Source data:
******************************

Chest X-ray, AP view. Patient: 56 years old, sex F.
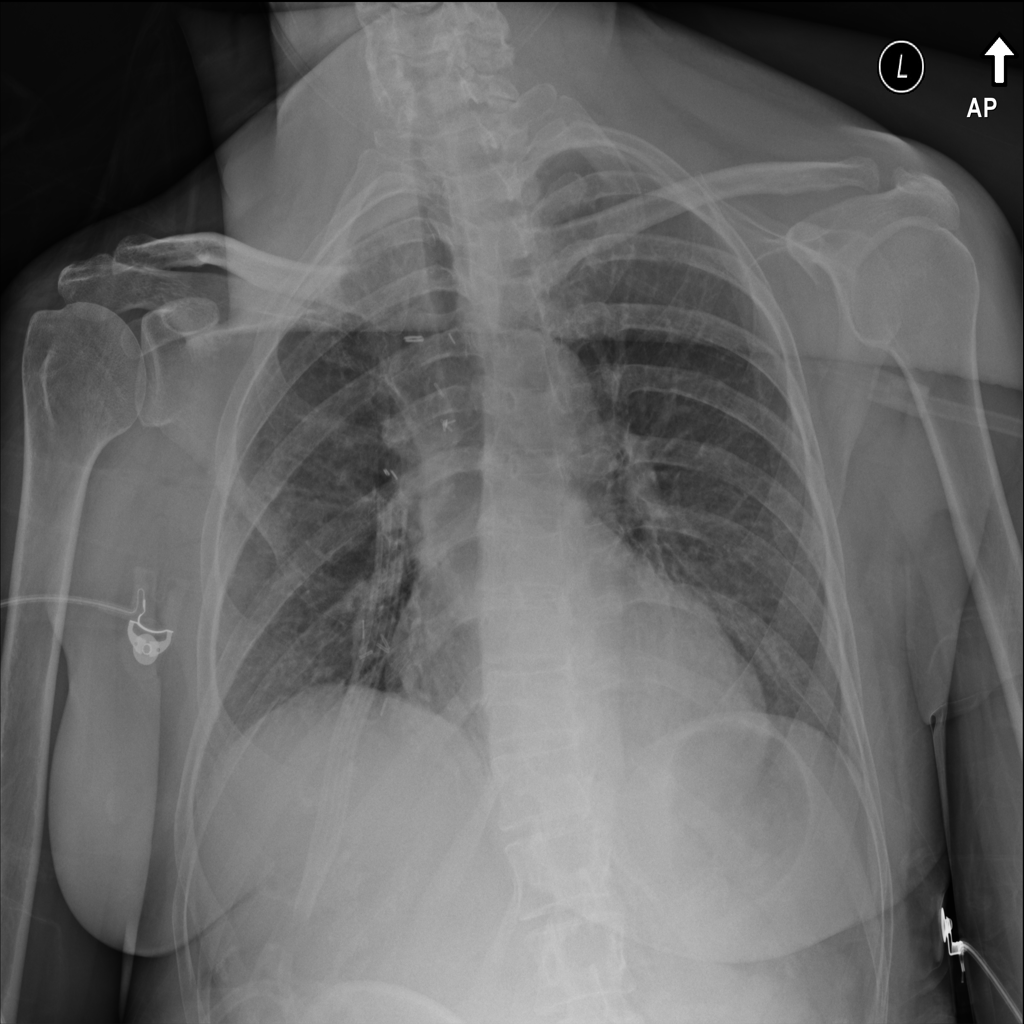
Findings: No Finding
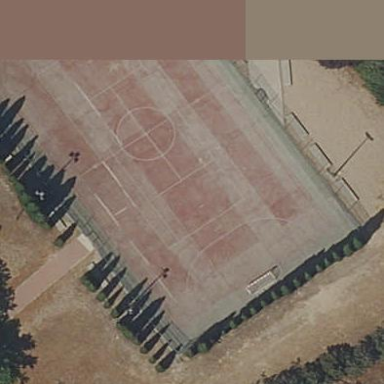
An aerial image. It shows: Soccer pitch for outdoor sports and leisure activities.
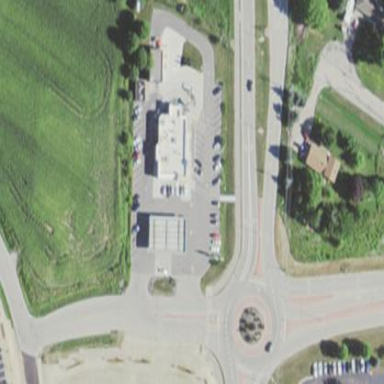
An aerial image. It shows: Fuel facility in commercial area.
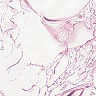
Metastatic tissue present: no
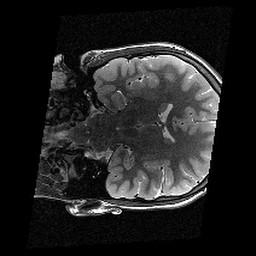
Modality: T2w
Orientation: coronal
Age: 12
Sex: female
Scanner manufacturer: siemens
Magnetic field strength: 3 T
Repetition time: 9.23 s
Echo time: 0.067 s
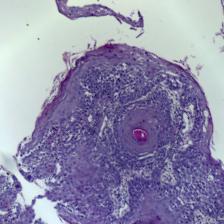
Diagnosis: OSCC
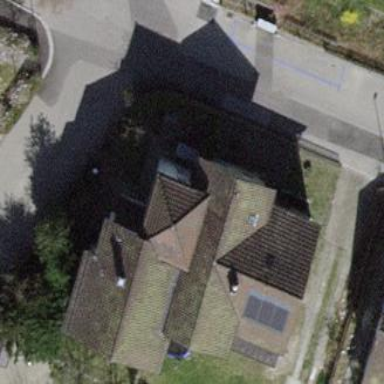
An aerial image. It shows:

******************************

Leave out each picture and extract the lines from the one containing "Orientation: coronal" through the end of the records above, inclusive, exactly as they stand.

Response to this task:
Orientation: coronal
Age: 12
Sex: female
Scanner manufacturer: siemens
Magnetic field strength: 3 T
Repetition time: 9.23 s
Echo time: 0.067 s
Diagnosis: OSCC
An aerial image. It shows:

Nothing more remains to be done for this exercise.